In reply to: George Pavlov (#4)

Re: PG service restart failure (start getting ahead of stop?)

"George Pavlov" <gpavlov@mynewplace.com> writes:

i have examined the stop() and start() and i think i understand why the
stop() reported a failure (it took to long), but i don't understand how
the start() could have reported success:

Stopping postgresql service: [FAILED]
Starting postgresql service: [ OK ]

Well, that makes sense: if the shutdown took more than a minute then the
"stop" script action would give up waiting, and then the "start" action
would see the postmaster running and go away happy. (It's a bit odd
that "service start" actions are supposed to treat "already running"
as OK, but I've been told that that's required by the Linux Standards
Base and I can't change it.)

The real question here is why'd it take so long to stop? It should be
using "mode fast" which'd kick out active queries.

Just out of curiosity, what for? I can't imagine any really
good reason
for just shutting down the postmaster and immediately restarting it.

why have a "restart" option if there is never a reason for it? :-)

Well, there are times when you need it, like changing shared_buffers
or one of the other postmaster-start-time-only parameters. But doing
it just as a routine action smacks of Microsoftish "you need to reboot
regularly" thinking...

seriously, this is a good question, i think this was someone's idea of a
quick way to clear any remaining DB sessions in order to be able to drop
a database and restore a newer version (this is a reporting DB that gets
refreshed nightly with a dump from another DB).

Hmm. It's not exactly bulletproof --- what if someone reconnects to the
DB as soon as you restart? But I guess it's a simple answer that might
not be worth improving on.

regards, tom lane

George Pavlov

gpavlov@mynewplace.com

almost 19 years ago

In reply to: Tom Lane (#5)

Re: [QUARANTINE] Re: PG service restart failure (start getting ahead of stop?)

Well, that makes sense: if the shutdown took more than a
minute then the
"stop" script action would give up waiting, and then the
"start" action
would see the postmaster running and go away happy. (It's a bit odd
that "service start" actions are supposed to treat "already running"
as OK, but I've been told that that's required by the Linux Standards
Base and I can't change it.)

thanks, that's good to know. i never realized that's how it behaves.

The real question here is why'd it take so long to stop?

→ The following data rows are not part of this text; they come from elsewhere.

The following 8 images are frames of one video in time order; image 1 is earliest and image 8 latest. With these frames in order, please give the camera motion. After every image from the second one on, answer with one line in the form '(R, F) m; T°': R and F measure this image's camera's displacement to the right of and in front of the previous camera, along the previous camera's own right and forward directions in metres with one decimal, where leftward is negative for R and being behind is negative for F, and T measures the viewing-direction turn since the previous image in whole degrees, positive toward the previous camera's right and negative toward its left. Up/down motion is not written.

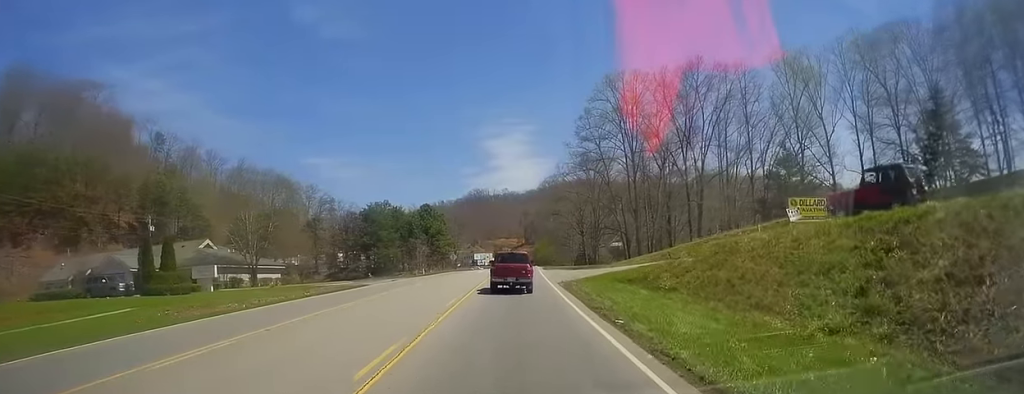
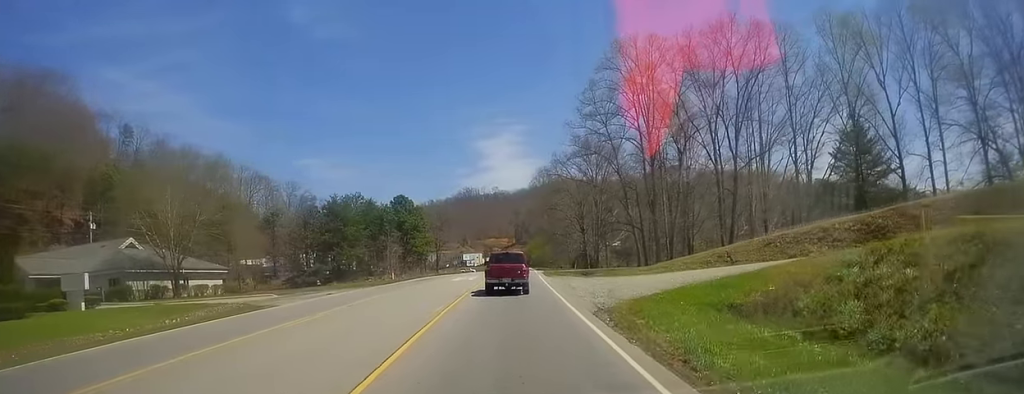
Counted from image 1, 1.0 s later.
(+0.2, +16.5) m; +2°
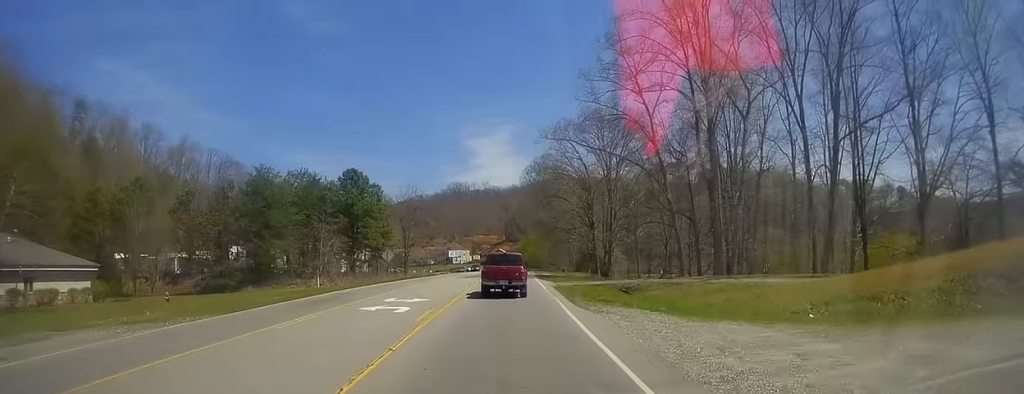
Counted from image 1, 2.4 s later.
(+0.9, +24.5) m; +1°
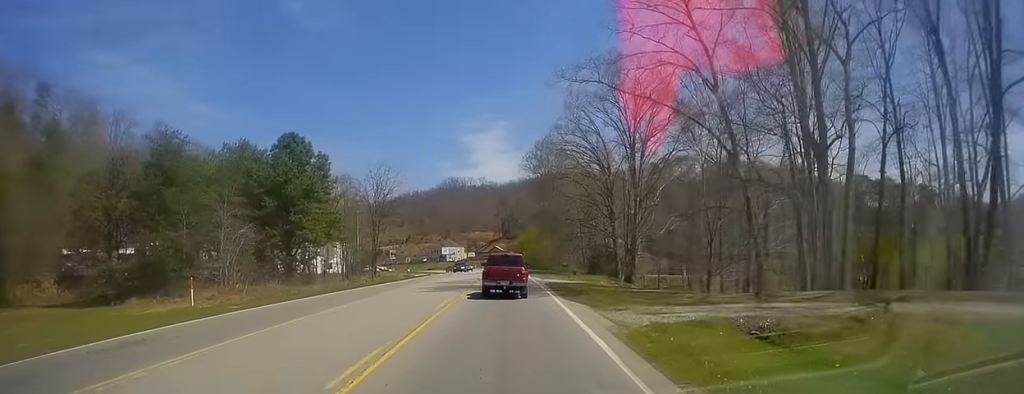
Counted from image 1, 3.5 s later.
(-0.6, +19.5) m; -2°
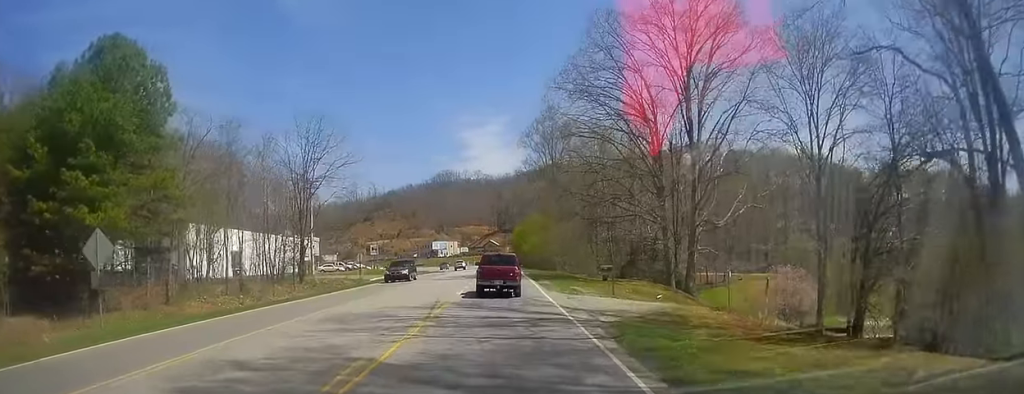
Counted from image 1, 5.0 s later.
(+0.7, +24.7) m; +3°
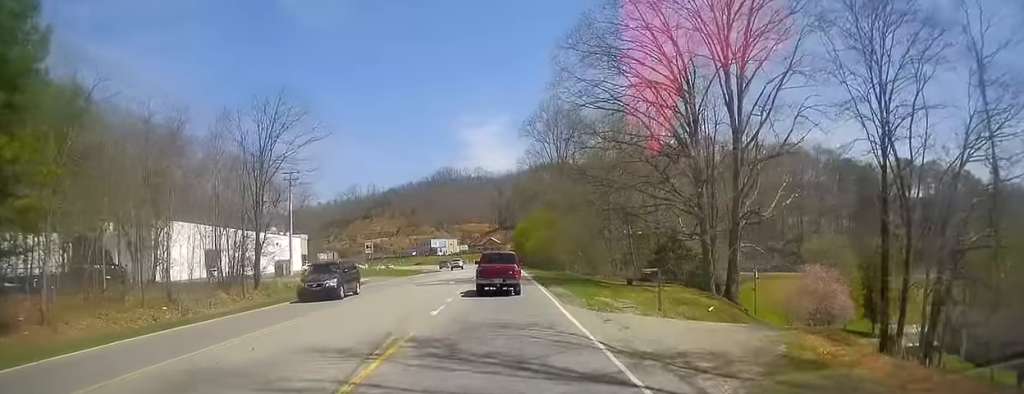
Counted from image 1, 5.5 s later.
(+0.2, +9.0) m; 0°
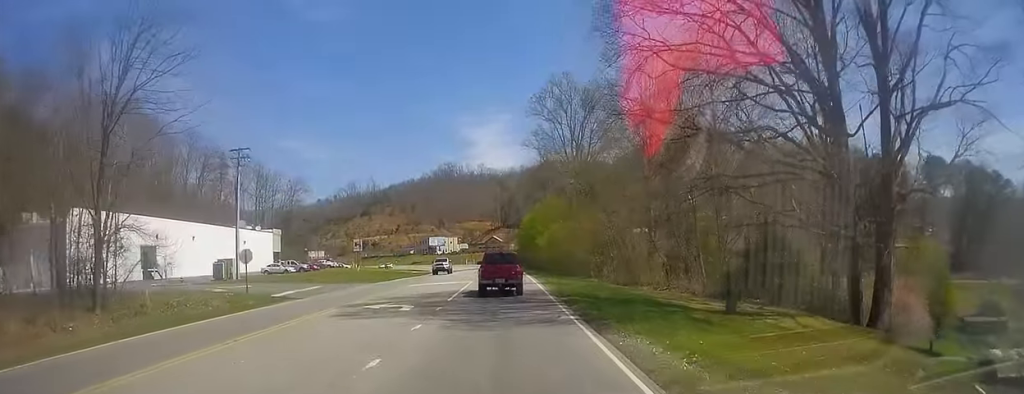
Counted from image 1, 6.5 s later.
(-0.3, +16.9) m; -1°
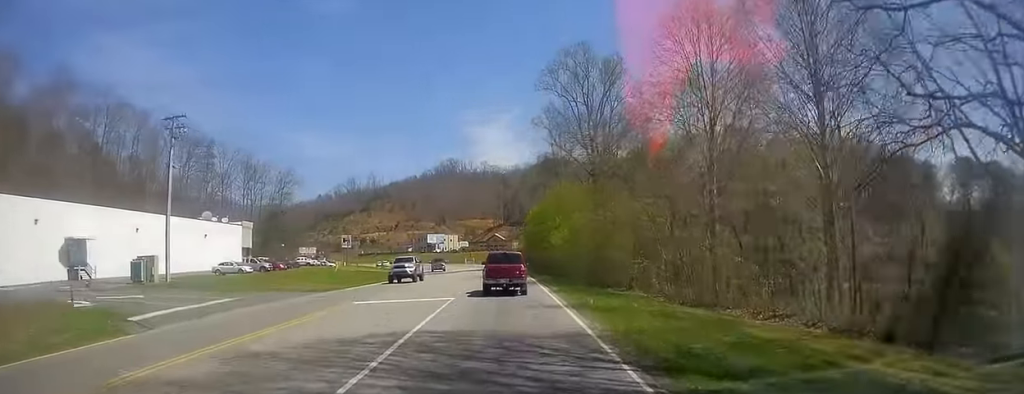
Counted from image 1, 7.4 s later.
(0.0, +14.3) m; 0°

It should be
using "mode fast" which'd kick out active queries.

indeed a mystery -- from looking at the query log there didn't seem to
be ANY active queries at the time. seems that > 85% of the session IDs
(84 total) for which i got lines like "2007-04-23 03:05:48 PDT [26987]
FATAL: the database system is shutting down" did not even have any
preceding query activity. hard to debug retroactively -- it's just
annoying that i don't understand what was different about this restart.

and, yes, i confirmed that it is using fast mode:

212 $SU -l postgres -c "$PGENGINE/pg_ctl stop -D '$PGDATA' -s -m
fast" > /dev/null 2>&1 < /dev/null

george